Jest plan "B" dla OFE
Jak można wycisnąć więcej z OFE, żeby nasze świadczenia były wyższe? Ekonomiści i towarzystwa emerytalne podają swoje recepty. Tylko czy nie jest już na nie za późno?
28.01.2010 | aktual.: 27.09.2010 11:58
Jak można wycisnąć więcej z OFE, żeby nasze świadczenia były wyższe? Ekonomiści i towarzystwa emerytalne podają swoje recepty. Tylko czy nie jest już na nie za późno?
Ministrowie pracy Jolanta Fedak i finansów Jacek Rostowski mają propozycję reformy systemu emerytalnego, sprowadzającą się do zabrania części środków OFE do ZUS. Szefowa resortu pracy chce dać też furtkę do przechodzenia z OFE do ZUS ludziom w wieku przedemerytalnym, a 65-latkom wybrania środków z II filara i przeznaczenia ich na dowolny cel. Towarzystwa emerytalne i część ekonomistów propozycje te nazywa antyreformą. Jednocześnie podkreślają, że zmiany są potrzebne, by OFE lepiej pomnażały powierzone im środki. Tylko że widzą je zupełnie gdzie indziej.
W tej chwili każdy fundusz ma jedną strategię dla wszystkich swoich klientów, niezależnie od tego, że jeden ma rok do emerytury, a drugi trzydzieści lat. Tymczasem środki pierwszego powinny być inwestowane ostrożnie, w drugim przypadku można pozwolić sobie na ryzyko. Aby zwiększyć stopę zwrotu z inwestycji, a jednocześnie nie narażać na ryzyko bessy tych, którzy mają zaledwie kilka lat do wycofania się z rynku pracy, środowisko towarzystw emerytalnych postuluje wprowadzenie trzech subfunduszy: agresywnego, zrównoważonego i konserwatywnego. Różniłyby się przede wszystkim procentowym udziałem akcji w portfelu. Przydział do subfunduszy mógłby odbywać się zgodnie z wiekiem uczestników OFE (agresywny dla młodych, konserwatywny dla starszych), chyba że wybraliby oni inną opcję.
- Należy maksymalizować udział akcji w portfelach OFE w ramach akceptowalnego ryzyka, a z inwestycji w akcje wychodzić stopniowo - uważa Krzysztof Lutostański, ekspert emerytalny.
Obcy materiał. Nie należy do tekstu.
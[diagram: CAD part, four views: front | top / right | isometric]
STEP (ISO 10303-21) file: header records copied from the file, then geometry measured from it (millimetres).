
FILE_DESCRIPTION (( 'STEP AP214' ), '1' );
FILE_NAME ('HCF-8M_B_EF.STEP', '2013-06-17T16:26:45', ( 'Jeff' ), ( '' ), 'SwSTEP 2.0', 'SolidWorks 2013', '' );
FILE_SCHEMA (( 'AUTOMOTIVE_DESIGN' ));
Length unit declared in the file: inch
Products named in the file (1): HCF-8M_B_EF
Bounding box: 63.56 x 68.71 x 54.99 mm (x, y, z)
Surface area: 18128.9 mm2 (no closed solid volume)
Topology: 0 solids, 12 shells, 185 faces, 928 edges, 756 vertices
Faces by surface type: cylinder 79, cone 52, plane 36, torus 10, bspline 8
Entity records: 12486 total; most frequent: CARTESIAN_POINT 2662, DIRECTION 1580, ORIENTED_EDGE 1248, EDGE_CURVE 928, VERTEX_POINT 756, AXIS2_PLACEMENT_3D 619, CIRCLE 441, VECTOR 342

Zaznacza, że propozycja MPiPS umożliwiająca przenoszenie środków z OFE do ZUS osobom, które nie osiągnęły jeszcze wieku emerytalnego, prowadzi do skrócenia wieku inwestycyjnego i skokowego wycofania się z akcji.
- Możliwość przeniesienia części składki z OFE do ZUS jest równoznaczna z powierzeniem ich funduszowi konserwatywnemu - mówi o pomyśle Jolanty Fadak Ewa Lewicka, prezes Izby Gospodarczej Towarzystw Emerytalnych. Uważa, że to niezasadne zwłaszcza w przypadku ludzi młodych. - Pozbawia to premii za ryzyko z inwestowania w akcje. A właśnie one w długim terminie przynoszą większe zyski niż inne strategie, np. obligacje - podkreśla.
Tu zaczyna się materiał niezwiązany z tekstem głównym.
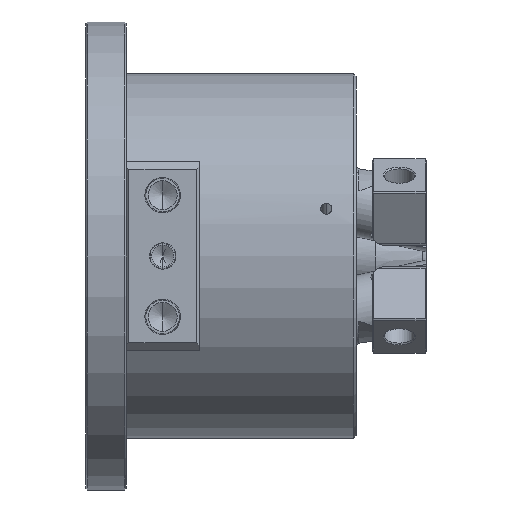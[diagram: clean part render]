
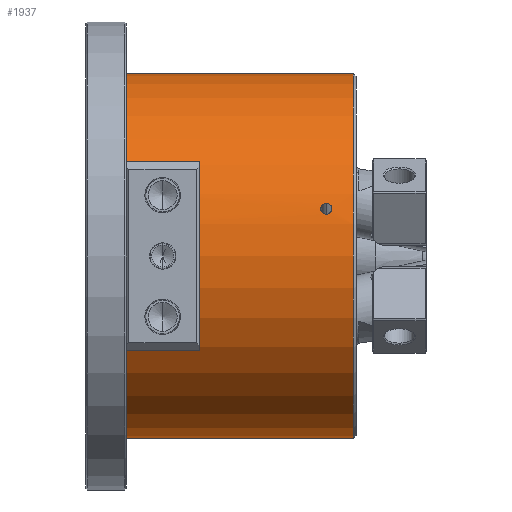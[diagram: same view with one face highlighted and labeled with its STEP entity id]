
A CAD part, front view. The second image highlights one B-rep face of the part: STEP entity #1937.
In plain terms, the highlighted cylindrical face has radius 67.5 mm (diameter 135 mm), a partial arc.
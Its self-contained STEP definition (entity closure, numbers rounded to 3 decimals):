
#42 = CARTESIAN_POINT ( 'NONE',  ( 73.866, -65.7, 15.482 ) ) ;
#102 = DIRECTION ( 'NONE',  ( -1., 0., 0. ) ) ;
#234 = CARTESIAN_POINT ( 'NONE',  ( 76.05, -65.234, 17.342 ) ) ;
#265 = CARTESIAN_POINT ( 'NONE',  ( 74.532, -65.685, 15.546 ) ) ;
#513 = B_SPLINE_CURVE_WITH_KNOTS ( 'NONE', 3,
 ( #730, #42, #8748, #4686, #537, #5363, #1220, #6049, #1908, #6728, #2625, #7392, #3317, #8087, #4019, #8766, #4720, #565, #5393, #1247, #6081, #1936, #6755, #2659, #7420, #3345, #8122, #4051, #8795, #4745 ),
 .UNSPECIFIED., .F., .F.,
 ( 4, 2, 2, 2, 2, 2, 2, 2, 2, 2, 2, 2, 2, 2, 4 ),
 ( 0.006, 0.007, 0.007, 0.008, 0.008, 0.009, 0.009, 0.01, 0.01, 0.01, 0.011, 0.011, 0.012, 0.012, 0.013 ),
 .UNSPECIFIED. ) ;
#537 = CARTESIAN_POINT ( 'NONE',  ( 73.339, -65.676, 15.584 ) ) ;
#538 = CARTESIAN_POINT ( 'NONE',  ( 74., -64.639, 19.442 ) ) ;
#565 = CARTESIAN_POINT ( 'NONE',  ( 72.015, -65.061, 17.981 ) ) ;
#666 = ORIENTED_EDGE ( 'NONE', *, *, #1731, .T. ) ;
#730 = CARTESIAN_POINT ( 'NONE',  ( 74., -65.7, 15.482 ) ) ;
#885 = CARTESIAN_POINT ( 'NONE',  ( 74.269, -64.643, 19.43 ) ) ;
#918 = CARTESIAN_POINT ( 'NONE',  ( 75.984, -65.336, 16.956 ) ) ;
#945 = CARTESIAN_POINT ( 'NONE',  ( 74.134, -65.7, 15.482 ) ) ;
#1099 = VERTEX_POINT ( 'NONE', #3859 ) ;
#1220 = CARTESIAN_POINT ( 'NONE',  ( 72.741, -65.605, 15.882 ) ) ;
#1247 = CARTESIAN_POINT ( 'NONE',  ( 72.157, -64.959, 18.346 ) ) ;
#1289 = DIRECTION ( 'NONE',  ( -1., 0., 0. ) ) ;
#1306 = CARTESIAN_POINT ( 'NONE',  ( 0., 0., 67.5 ) ) ;
#1486 = DIRECTION ( 'NONE',  ( -1., 0., 0. ) ) ;
#1575 = CARTESIAN_POINT ( 'NONE',  ( 74.661, -64.669, 19.342 ) ) ;
#1603 = CARTESIAN_POINT ( 'NONE',  ( 75.843, -65.429, 16.592 ) ) ;
#1618 = EDGE_CURVE ( 'NONE', #8298, #3336, #7477, .T. ) ;
#1731 = EDGE_CURVE ( 'NONE', #1099, #3249, #513, .T. ) ;
#1901 = VECTOR ( 'NONE', #6791, 1000. ) ;
#1908 = CARTESIAN_POINT ( 'NONE',  ( 72.37, -65.513, 16.259 ) ) ;
#1936 = CARTESIAN_POINT ( 'NONE',  ( 72.368, -64.866, 18.673 ) ) ;
#1937 = ADVANCED_FACE ( 'NONE', ( #5797, #3980 ), #3747, .T. ) ;
#2078 = CARTESIAN_POINT ( 'NONE',  ( 84., 0., 67.5 ) ) ;
#2282 = CARTESIAN_POINT ( 'NONE',  ( 75.027, -64.717, 19.183 ) ) ;
#2318 = CARTESIAN_POINT ( 'NONE',  ( 75.63, -65.512, 16.26 ) ) ;
#2340 = AXIS2_PLACEMENT_3D ( 'NONE', #5433, #1289, #6123 ) ;
#2625 = CARTESIAN_POINT ( 'NONE',  ( 72.158, -65.43, 16.59 ) ) ;
#2659 = CARTESIAN_POINT ( 'NONE',  ( 72.644, -64.784, 18.956 ) ) ;
#2701 = CARTESIAN_POINT ( 'NONE',  ( -26.369, 0., 67.5 ) ) ;
#2899 = DIRECTION ( 'NONE',  ( 0., 0., 1. ) ) ;
#2962 = CARTESIAN_POINT ( 'NONE',  ( 74.135, -64.639, 19.442 ) ) ;
#2998 = CARTESIAN_POINT ( 'NONE',  ( 75.355, -64.783, 18.957 ) ) ;
#3021 = CARTESIAN_POINT ( 'NONE',  ( 75.354, -65.583, 15.973 ) ) ;
#3249 = VERTEX_POINT ( 'NONE', #538 ) ;
#3298 = LINE ( 'NONE', #3611, #8517 ) ;
#3317 = CARTESIAN_POINT ( 'NONE',  ( 72.016, -65.336, 16.956 ) ) ;
#3325 = LINE ( 'NONE', #2701, #1901 ) ;
#3336 = VERTEX_POINT ( 'NONE', #1306 ) ;
#3341 = AXIS2_PLACEMENT_3D ( 'NONE', #5633, #1486, #6330 ) ;
#3345 = CARTESIAN_POINT ( 'NONE',  ( 72.971, -64.717, 19.182 ) ) ;
#3385 = EDGE_LOOP ( 'NONE', ( #6988, #5977, #5415, #4359 ) ) ;
#3554 = CARTESIAN_POINT ( 'NONE',  ( 0., 0., -67.5 ) ) ;
#3611 = CARTESIAN_POINT ( 'NONE',  ( -26.369, 0., -67.5 ) ) ;
#3648 = CARTESIAN_POINT ( 'NONE',  ( 74., -64.639, 19.442 ) ) ;
#3677 = CARTESIAN_POINT ( 'NONE',  ( 75.792, -64.926, 18.465 ) ) ;
#3706 = CARTESIAN_POINT ( 'NONE',  ( 75.028, -65.638, 15.746 ) ) ;
#3747 = CYLINDRICAL_SURFACE ( 'NONE', #6326, 67.5 ) ;
#3817 = VERTEX_POINT ( 'NONE', #2078 ) ;
#3859 = CARTESIAN_POINT ( 'NONE',  ( 74., -65.7, 15.482 ) ) ;
#3980 = FACE_BOUND ( 'NONE', #4680, .T. ) ;
#4019 = CARTESIAN_POINT ( 'NONE',  ( 71.95, -65.235, 17.338 ) ) ;
#4051 = CARTESIAN_POINT ( 'NONE',  ( 73.46, -64.655, 19.39 ) ) ;
#4359 = ORIENTED_EDGE ( 'NONE', *, *, #1618, .F. ) ;
#4392 = CARTESIAN_POINT ( 'NONE',  ( 76.05, -65.131, 17.729 ) ) ;
#4417 = CARTESIAN_POINT ( 'NONE',  ( 74.66, -65.676, 15.584 ) ) ;
#4638 = CIRCLE ( 'NONE', #3341, 67.5 ) ;
#4680 = EDGE_LOOP ( 'NONE', ( #5021, #666 ) ) ;
#4686 = CARTESIAN_POINT ( 'NONE',  ( 73.469, -65.685, 15.546 ) ) ;
#4720 = CARTESIAN_POINT ( 'NONE',  ( 71.963, -65.13, 17.728 ) ) ;
#4745 = CARTESIAN_POINT ( 'NONE',  ( 74., -64.639, 19.442 ) ) ;
#5021 = ORIENTED_EDGE ( 'NONE', *, *, #8350, .T. ) ;
#5063 = CARTESIAN_POINT ( 'NONE',  ( 76.037, -65.269, 17.211 ) ) ;
#5088 = CARTESIAN_POINT ( 'NONE',  ( 74.27, -65.697, 15.495 ) ) ;
#5306 = VERTEX_POINT ( 'NONE', #5908 ) ;
#5363 = CARTESIAN_POINT ( 'NONE',  ( 72.969, -65.641, 15.733 ) ) ;
#5393 = CARTESIAN_POINT ( 'NONE',  ( 72.054, -65.026, 18.106 ) ) ;
#5415 = ORIENTED_EDGE ( 'NONE', *, *, #6466, .T. ) ;
#5433 = CARTESIAN_POINT ( 'NONE',  ( 0., 0., 0. ) ) ;
#5633 = CARTESIAN_POINT ( 'NONE',  ( 84., 0., 0. ) ) ;
#5678 = EDGE_CURVE ( 'NONE', #5306, #3817, #4638, .T. ) ;
#5717 = CARTESIAN_POINT ( 'NONE',  ( 74.531, -64.658, 19.38 ) ) ;
#5754 = CARTESIAN_POINT ( 'NONE',  ( 75.946, -65.368, 16.832 ) ) ;
#5784 = CARTESIAN_POINT ( 'NONE',  ( 74., -65.7, 15.482 ) ) ;
#5797 = FACE_OUTER_BOUND ( 'NONE', #3385, .T. ) ;
#5908 = CARTESIAN_POINT ( 'NONE',  ( 84., 0., -67.5 ) ) ;
#5977 = ORIENTED_EDGE ( 'NONE', *, *, #5678, .T. ) ;
#6049 = CARTESIAN_POINT ( 'NONE',  ( 72.457, -65.538, 16.157 ) ) ;
#6081 = CARTESIAN_POINT ( 'NONE',  ( 72.22, -64.927, 18.459 ) ) ;
#6123 = DIRECTION ( 'NONE',  ( 0., 0., 1. ) ) ;
#6326 = AXIS2_PLACEMENT_3D ( 'NONE', #6975, #102, #2899 ) ;
#6330 = DIRECTION ( 'NONE',  ( 0., 0., 1. ) ) ;
#6408 = CARTESIAN_POINT ( 'NONE',  ( 74.909, -64.699, 19.243 ) ) ;
#6434 = CARTESIAN_POINT ( 'NONE',  ( 75.779, -65.459, 16.475 ) ) ;
#6466 = EDGE_CURVE ( 'NONE', #3817, #3336, #3325, .T. ) ;
#6728 = CARTESIAN_POINT ( 'NONE',  ( 72.221, -65.459, 16.475 ) ) ;
#6755 = CARTESIAN_POINT ( 'NONE',  ( 72.455, -64.837, 18.775 ) ) ;
#6791 = DIRECTION ( 'NONE',  ( -1., 0., 0. ) ) ;
#6975 = CARTESIAN_POINT ( 'NONE',  ( -26.369, 0., 0. ) ) ;
#6988 = ORIENTED_EDGE ( 'NONE', *, *, #7254, .F. ) ;
#7069 = CARTESIAN_POINT ( 'NONE',  ( 75.25, -64.759, 19.04 ) ) ;
#7099 = CARTESIAN_POINT ( 'NONE',  ( 75.546, -65.537, 16.159 ) ) ;
#7254 = EDGE_CURVE ( 'NONE', #5306, #8298, #3298, .T. ) ;
#7392 = CARTESIAN_POINT ( 'NONE',  ( 72.055, -65.368, 16.83 ) ) ;
#7420 = CARTESIAN_POINT ( 'NONE',  ( 72.747, -64.76, 19.038 ) ) ;
#7463 = B_SPLINE_CURVE_WITH_KNOTS ( 'NONE', 3,
 ( #3648, #2962, #885, #5717, #1575, #6408, #2282, #7069, #2998, #7757, #3677, #8438, #4392, #234, #5063, #918, #5754, #1603, #6434, #2318, #7099, #3021, #7787, #3706, #8469, #4417, #265, #5088, #945, #5784 ),
 .UNSPECIFIED., .F., .F.,
 ( 4, 2, 2, 2, 2, 2, 2, 2, 2, 2, 2, 2, 2, 2, 4 ),
 ( 0., 0., 0.001, 0.001, 0.002, 0.002, 0.003, 0.004, 0.004, 0.004, 0.005, 0.005, 0.006, 0.006, 0.006 ),
 .UNSPECIFIED. ) ;
#7477 = CIRCLE ( 'NONE', #2340, 67.5 ) ;
#7757 = CARTESIAN_POINT ( 'NONE',  ( 75.639, -64.863, 18.685 ) ) ;
#7787 = CARTESIAN_POINT ( 'NONE',  ( 75.25, -65.603, 15.891 ) ) ;
#8087 = CARTESIAN_POINT ( 'NONE',  ( 71.963, -65.269, 17.209 ) ) ;
#8122 = CARTESIAN_POINT ( 'NONE',  ( 73.09, -64.699, 19.243 ) ) ;
#8298 = VERTEX_POINT ( 'NONE', #3554 ) ;
#8350 = EDGE_CURVE ( 'NONE', #3249, #1099, #7463, .T. ) ;
#8374 = DIRECTION ( 'NONE',  ( -1., 0., 0. ) ) ;
#8438 = CARTESIAN_POINT ( 'NONE',  ( 75.996, -65.059, 17.989 ) ) ;
#8469 = CARTESIAN_POINT ( 'NONE',  ( 74.909, -65.653, 15.684 ) ) ;
#8517 = VECTOR ( 'NONE', #8374, 1000. ) ;
#8748 = CARTESIAN_POINT ( 'NONE',  ( 73.733, -65.698, 15.495 ) ) ;
#8766 = CARTESIAN_POINT ( 'NONE',  ( 71.95, -65.165, 17.599 ) ) ;
#8795 = CARTESIAN_POINT ( 'NONE',  ( 73.729, -64.639, 19.442 ) ) ;

- I radzi sobie z inflacją - uzupełnia Piotr Kwieciński z AXA Życie TU.
Kolejną postulowaną zmianą jest ocena funduszy. W tej chwili fundusze porównują się ze sobą. Budziło to kontrowersje zwłaszcza w pierwszych miesiącach kryzysu, kiedy to wszystkie OFE traciły, a zarządzający mogli zarabiać. Eksperci zgłaszają więc postulat wprowadzenia benchmarku zewnętrznego. Pozostaje otwartym pytanie, do czego odnosić wyniki funduszy.
Jest jeszcze kwestia odpowiedniego motywowania funduszy do osiągania wysokich stóp zwrotu, czyli nagradzania tych, które najlepiej pomnażają nasze pieniądze. Dzięki temu fundusze przestałyby naśladować swoje strategie inwestycyjne, a podjęłyby ryzyko gry odważniejszej, ale przynoszącej zyski. Byłaby ona jeszcze ciekawsza, gdyby OFE mogły inwestować za granicą.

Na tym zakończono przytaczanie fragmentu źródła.